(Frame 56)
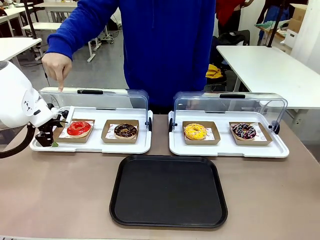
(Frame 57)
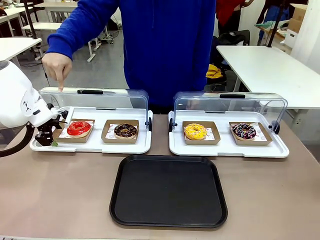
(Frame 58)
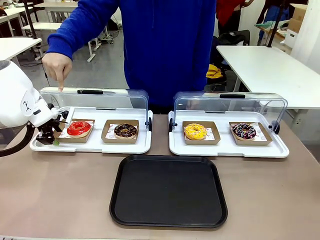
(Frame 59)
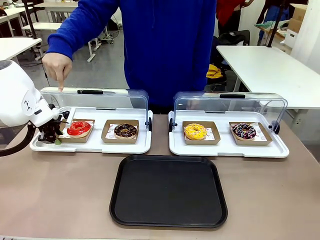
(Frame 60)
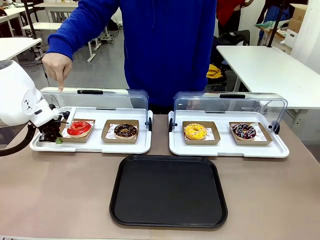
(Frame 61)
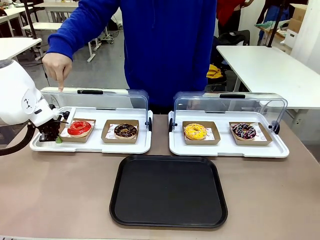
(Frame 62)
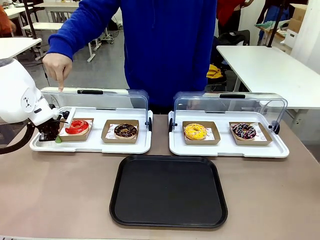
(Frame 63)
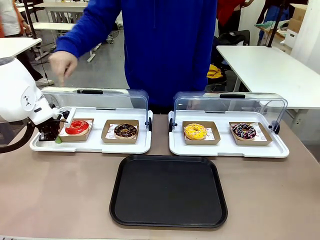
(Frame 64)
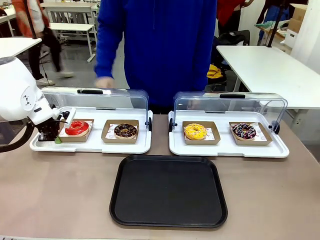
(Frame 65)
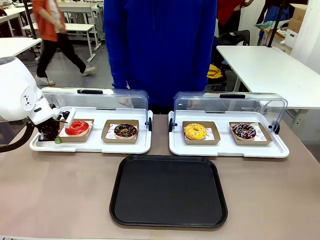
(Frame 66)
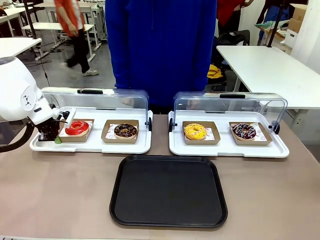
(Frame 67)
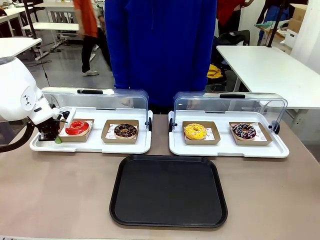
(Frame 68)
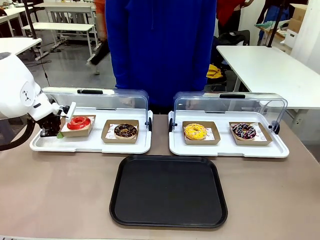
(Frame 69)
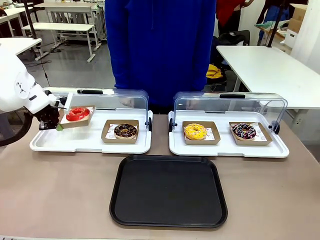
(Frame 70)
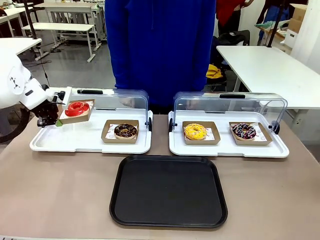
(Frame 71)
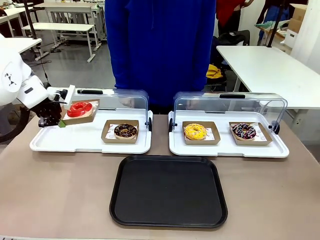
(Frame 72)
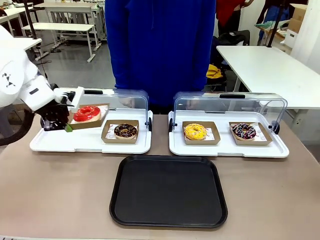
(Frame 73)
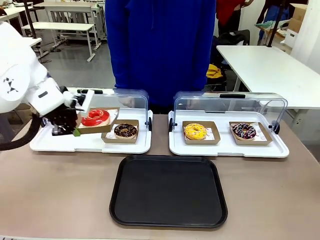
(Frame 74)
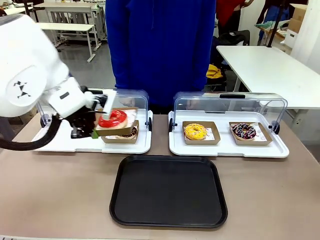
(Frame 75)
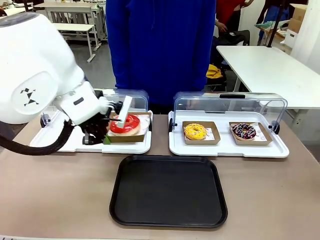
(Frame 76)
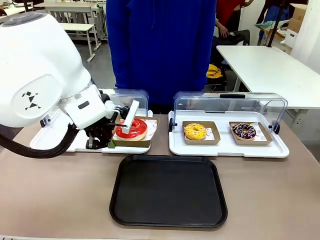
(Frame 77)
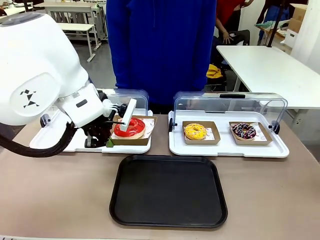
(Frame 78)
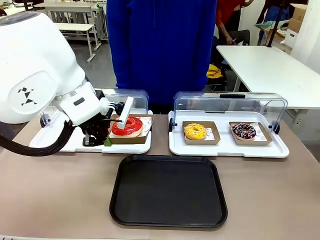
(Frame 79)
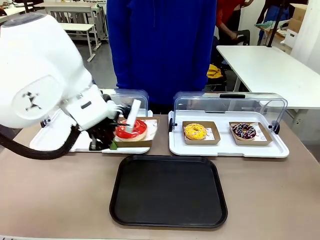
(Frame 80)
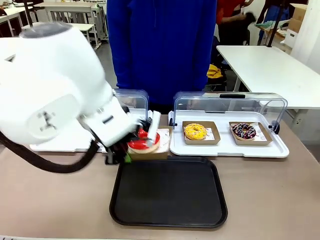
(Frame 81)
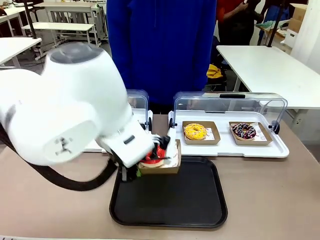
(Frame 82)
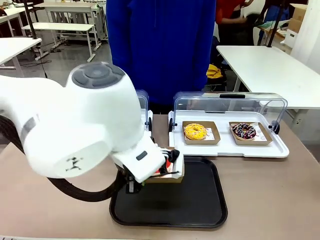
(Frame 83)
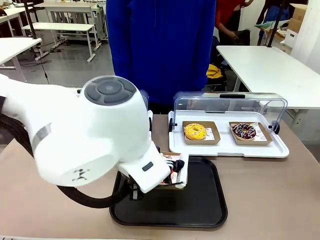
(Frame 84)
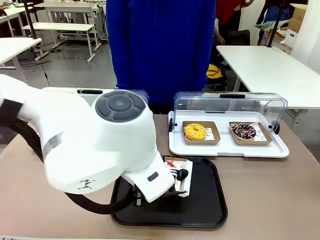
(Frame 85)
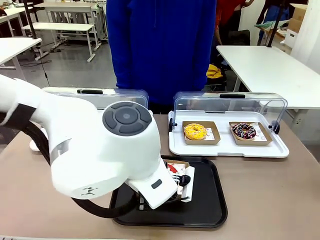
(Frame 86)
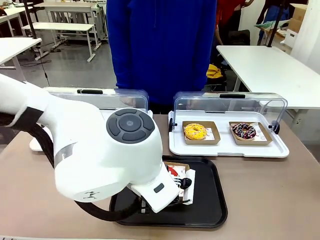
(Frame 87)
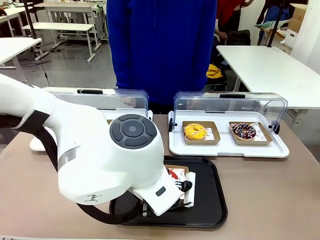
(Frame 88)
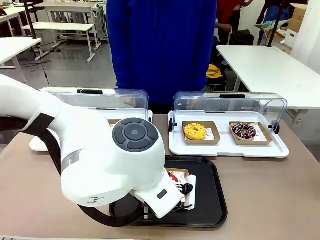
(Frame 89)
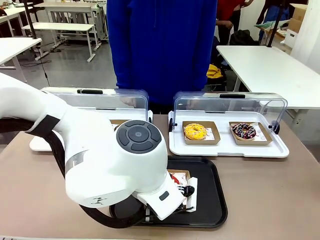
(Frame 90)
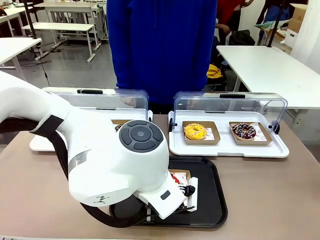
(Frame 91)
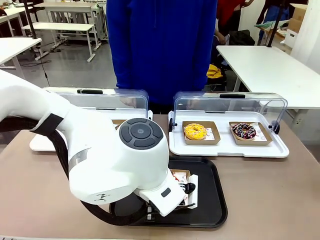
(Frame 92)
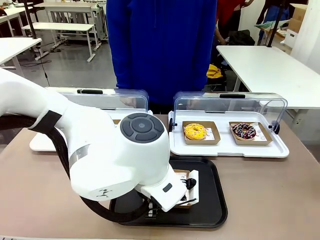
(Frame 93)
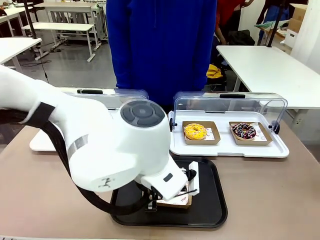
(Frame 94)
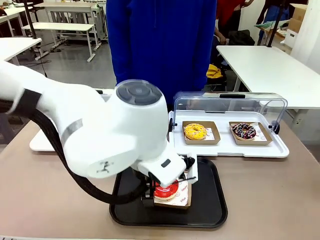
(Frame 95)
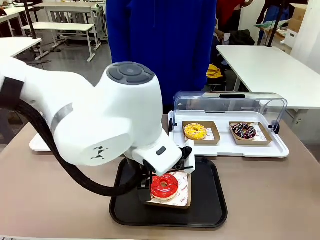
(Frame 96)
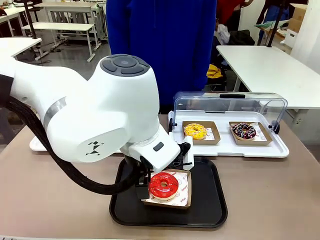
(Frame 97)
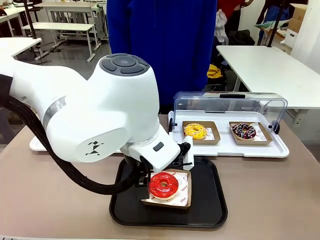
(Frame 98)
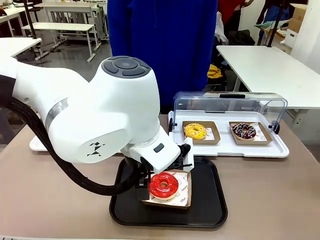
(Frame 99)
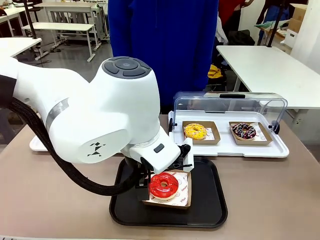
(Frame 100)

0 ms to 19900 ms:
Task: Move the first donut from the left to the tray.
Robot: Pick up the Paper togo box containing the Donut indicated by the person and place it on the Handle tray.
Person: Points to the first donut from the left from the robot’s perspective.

■ **TASK OBJECTIVE**:
Please set down every record exactly as it appears, leaving out the pictures.

■ **EXPECTED ANSWER**:
(Frame 56)
(Frame 57)
(Frame 58)
(Frame 59)
(Frame 60)
(Frame 61)
(Frame 62)
(Frame 63)
(Frame 64)
(Frame 65)
(Frame 66)
(Frame 67)
(Frame 68)
(Frame 69)
(Frame 70)
(Frame 71)
(Frame 72)
(Frame 73)
(Frame 74)
(Frame 75)
(Frame 76)
(Frame 77)
(Frame 78)
(Frame 79)
(Frame 80)
(Frame 81)
(Frame 82)
(Frame 83)
(Frame 84)
(Frame 85)
(Frame 86)
(Frame 87)
(Frame 88)
(Frame 89)
(Frame 90)
(Frame 91)
(Frame 92)
(Frame 93)
(Frame 94)
(Frame 95)
(Frame 96)
(Frame 97)
(Frame 98)
(Frame 99)
(Frame 100)

0 ms to 19900 ms:
Task: Move the first donut from the left to the tray.
Robot: Pick up the Paper togo box containing the Donut indicated by the person and place it on the Handle tray.
Person: Points to the first donut from the left from the robot’s perspective.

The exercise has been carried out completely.